Problem details
After finding the line containing "34H12.745C12.172 34 11.708" below, please output that line and each following one through the line containing "10.901L30.256 4.664C29.8 4.27", exactly as written.

Dataset records
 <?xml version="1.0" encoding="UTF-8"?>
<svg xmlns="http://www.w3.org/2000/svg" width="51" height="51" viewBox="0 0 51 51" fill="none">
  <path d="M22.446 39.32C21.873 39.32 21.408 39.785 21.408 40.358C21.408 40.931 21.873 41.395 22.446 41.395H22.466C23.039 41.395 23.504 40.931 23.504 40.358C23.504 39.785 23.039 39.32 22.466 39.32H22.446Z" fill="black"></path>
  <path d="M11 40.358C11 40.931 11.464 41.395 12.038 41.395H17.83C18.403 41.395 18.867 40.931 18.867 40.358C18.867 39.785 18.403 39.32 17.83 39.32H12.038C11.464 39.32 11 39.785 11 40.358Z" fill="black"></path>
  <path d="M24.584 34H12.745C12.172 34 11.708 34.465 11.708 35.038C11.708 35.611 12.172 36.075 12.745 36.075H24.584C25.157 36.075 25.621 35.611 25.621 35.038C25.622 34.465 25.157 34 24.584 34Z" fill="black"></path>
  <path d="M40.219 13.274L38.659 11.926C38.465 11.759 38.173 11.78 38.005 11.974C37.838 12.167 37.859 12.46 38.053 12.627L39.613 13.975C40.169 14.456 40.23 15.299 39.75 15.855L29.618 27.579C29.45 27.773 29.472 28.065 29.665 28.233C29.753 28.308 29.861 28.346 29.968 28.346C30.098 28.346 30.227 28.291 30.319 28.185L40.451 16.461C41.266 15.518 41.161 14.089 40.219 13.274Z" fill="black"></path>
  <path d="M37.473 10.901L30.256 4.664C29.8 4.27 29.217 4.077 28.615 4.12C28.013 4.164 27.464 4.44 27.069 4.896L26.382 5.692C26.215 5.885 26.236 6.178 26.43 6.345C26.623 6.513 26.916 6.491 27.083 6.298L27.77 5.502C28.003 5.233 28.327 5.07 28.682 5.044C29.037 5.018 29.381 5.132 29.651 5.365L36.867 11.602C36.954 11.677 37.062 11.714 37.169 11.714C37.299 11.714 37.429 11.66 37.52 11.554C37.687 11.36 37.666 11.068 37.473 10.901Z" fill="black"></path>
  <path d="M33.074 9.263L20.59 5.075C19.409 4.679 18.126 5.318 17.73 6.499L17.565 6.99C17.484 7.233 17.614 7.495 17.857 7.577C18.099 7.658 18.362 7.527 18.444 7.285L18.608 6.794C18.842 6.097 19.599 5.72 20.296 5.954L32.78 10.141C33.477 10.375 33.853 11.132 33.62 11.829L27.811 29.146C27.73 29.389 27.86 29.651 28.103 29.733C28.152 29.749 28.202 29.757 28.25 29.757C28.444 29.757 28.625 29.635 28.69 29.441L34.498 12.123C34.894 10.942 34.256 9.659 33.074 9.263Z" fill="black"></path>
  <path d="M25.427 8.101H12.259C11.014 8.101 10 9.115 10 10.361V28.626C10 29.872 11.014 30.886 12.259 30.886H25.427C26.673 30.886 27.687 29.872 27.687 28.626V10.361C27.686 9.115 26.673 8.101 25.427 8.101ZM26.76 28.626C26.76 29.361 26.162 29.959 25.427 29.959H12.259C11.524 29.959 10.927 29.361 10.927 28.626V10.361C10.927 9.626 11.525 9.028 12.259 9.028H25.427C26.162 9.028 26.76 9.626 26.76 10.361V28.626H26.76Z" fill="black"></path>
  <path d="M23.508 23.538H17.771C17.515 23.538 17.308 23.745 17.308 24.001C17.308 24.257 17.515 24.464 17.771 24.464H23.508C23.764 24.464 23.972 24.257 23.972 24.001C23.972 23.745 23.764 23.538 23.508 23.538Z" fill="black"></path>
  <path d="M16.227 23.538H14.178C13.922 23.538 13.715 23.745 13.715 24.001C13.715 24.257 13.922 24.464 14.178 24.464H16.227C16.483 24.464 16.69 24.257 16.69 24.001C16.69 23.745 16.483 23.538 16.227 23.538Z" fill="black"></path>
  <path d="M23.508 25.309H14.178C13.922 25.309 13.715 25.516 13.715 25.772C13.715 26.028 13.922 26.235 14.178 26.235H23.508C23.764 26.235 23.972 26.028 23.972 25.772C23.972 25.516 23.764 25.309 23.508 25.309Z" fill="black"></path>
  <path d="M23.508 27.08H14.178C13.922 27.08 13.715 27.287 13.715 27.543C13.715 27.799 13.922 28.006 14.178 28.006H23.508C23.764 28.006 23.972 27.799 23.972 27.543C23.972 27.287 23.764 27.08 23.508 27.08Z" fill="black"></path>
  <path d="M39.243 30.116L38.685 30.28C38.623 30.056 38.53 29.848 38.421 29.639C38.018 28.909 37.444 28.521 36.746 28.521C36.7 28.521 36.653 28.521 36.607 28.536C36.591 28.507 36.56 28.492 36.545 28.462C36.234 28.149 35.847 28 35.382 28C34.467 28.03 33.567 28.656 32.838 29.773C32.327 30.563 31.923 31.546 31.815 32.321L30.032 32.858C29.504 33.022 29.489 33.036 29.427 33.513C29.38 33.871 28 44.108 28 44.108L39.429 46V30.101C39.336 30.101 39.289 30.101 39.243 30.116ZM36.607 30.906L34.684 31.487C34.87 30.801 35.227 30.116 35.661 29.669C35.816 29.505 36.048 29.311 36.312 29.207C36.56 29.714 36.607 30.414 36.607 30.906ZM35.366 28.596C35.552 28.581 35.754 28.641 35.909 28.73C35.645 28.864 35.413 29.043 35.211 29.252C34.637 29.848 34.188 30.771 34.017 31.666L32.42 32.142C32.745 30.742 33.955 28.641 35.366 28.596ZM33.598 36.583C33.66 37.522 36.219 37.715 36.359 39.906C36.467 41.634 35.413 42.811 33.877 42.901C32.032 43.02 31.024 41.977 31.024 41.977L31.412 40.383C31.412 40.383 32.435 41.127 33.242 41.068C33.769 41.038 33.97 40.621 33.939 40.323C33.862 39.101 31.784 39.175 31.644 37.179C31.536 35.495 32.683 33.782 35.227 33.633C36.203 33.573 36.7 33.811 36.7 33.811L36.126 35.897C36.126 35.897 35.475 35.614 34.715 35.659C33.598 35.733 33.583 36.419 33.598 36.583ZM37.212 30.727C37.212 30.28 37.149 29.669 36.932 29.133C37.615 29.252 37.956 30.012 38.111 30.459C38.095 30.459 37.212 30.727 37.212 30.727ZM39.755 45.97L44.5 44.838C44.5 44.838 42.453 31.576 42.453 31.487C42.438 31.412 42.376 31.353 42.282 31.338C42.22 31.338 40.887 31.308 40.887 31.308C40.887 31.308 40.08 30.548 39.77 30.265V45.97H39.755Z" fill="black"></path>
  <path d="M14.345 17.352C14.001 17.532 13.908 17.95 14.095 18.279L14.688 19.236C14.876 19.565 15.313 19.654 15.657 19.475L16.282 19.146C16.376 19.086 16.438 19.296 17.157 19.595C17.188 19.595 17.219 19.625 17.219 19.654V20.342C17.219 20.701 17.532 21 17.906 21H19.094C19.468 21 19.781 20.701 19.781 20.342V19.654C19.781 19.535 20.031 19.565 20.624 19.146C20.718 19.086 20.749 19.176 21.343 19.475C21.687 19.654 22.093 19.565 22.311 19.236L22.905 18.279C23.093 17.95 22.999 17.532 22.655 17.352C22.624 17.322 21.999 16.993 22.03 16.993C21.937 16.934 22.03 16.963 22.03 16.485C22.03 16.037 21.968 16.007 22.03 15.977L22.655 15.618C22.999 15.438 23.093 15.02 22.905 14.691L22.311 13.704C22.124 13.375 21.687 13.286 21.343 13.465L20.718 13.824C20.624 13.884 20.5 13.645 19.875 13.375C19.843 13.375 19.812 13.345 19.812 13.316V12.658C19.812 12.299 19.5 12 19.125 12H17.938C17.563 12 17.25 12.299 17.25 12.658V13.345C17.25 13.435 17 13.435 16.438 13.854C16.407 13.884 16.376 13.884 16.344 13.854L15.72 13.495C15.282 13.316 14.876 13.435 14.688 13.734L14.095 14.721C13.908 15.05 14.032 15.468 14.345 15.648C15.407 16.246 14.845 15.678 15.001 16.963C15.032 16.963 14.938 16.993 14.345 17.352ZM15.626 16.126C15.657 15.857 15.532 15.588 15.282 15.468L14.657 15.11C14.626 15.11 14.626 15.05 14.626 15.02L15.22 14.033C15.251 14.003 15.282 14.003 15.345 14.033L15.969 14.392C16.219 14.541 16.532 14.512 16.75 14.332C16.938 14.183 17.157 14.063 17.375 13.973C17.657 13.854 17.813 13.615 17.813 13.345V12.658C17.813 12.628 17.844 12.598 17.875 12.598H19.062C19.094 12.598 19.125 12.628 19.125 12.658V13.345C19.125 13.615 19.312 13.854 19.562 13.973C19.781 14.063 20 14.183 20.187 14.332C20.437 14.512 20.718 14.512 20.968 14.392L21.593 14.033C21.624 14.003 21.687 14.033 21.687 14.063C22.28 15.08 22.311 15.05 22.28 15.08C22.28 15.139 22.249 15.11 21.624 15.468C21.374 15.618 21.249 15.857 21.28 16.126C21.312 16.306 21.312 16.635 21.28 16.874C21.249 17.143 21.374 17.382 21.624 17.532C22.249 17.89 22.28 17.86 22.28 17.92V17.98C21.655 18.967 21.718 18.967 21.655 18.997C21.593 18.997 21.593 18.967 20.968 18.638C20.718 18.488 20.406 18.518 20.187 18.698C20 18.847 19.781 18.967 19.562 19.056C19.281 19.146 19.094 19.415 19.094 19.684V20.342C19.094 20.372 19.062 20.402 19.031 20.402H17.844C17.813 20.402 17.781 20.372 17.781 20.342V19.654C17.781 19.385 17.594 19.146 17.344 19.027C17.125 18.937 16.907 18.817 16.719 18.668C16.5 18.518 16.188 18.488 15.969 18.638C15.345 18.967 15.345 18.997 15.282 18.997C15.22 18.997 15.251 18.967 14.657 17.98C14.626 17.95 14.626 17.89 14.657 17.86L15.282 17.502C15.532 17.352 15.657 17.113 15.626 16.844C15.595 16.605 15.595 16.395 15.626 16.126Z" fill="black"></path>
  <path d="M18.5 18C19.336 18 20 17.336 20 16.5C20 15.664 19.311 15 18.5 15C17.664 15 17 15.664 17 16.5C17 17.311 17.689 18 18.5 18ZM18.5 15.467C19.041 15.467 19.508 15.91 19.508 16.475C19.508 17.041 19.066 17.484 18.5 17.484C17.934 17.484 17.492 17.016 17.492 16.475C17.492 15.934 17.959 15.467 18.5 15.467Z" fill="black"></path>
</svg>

Task output
  <path d="M24.584 34H12.745C12.172 34 11.708 34.465 11.708 35.038C11.708 35.611 12.172 36.075 12.745 36.075H24.584C25.157 36.075 25.621 35.611 25.621 35.038C25.622 34.465 25.157 34 24.584 34Z" fill="black"></path>
  <path d="M40.219 13.274L38.659 11.926C38.465 11.759 38.173 11.78 38.005 11.974C37.838 12.167 37.859 12.46 38.053 12.627L39.613 13.975C40.169 14.456 40.23 15.299 39.75 15.855L29.618 27.579C29.45 27.773 29.472 28.065 29.665 28.233C29.753 28.308 29.861 28.346 29.968 28.346C30.098 28.346 30.227 28.291 30.319 28.185L40.451 16.461C41.266 15.518 41.161 14.089 40.219 13.274Z" fill="black"></path>
  <path d="M37.473 10.901L30.256 4.664C29.8 4.27 29.217 4.077 28.615 4.12C28.013 4.164 27.464 4.44 27.069 4.896L26.382 5.692C26.215 5.885 26.236 6.178 26.43 6.345C26.623 6.513 26.916 6.491 27.083 6.298L27.77 5.502C28.003 5.233 28.327 5.07 28.682 5.044C29.037 5.018 29.381 5.132 29.651 5.365L36.867 11.602C36.954 11.677 37.062 11.714 37.169 11.714C37.299 11.714 37.429 11.66 37.52 11.554C37.687 11.36 37.666 11.068 37.473 10.901Z" fill="black"></path>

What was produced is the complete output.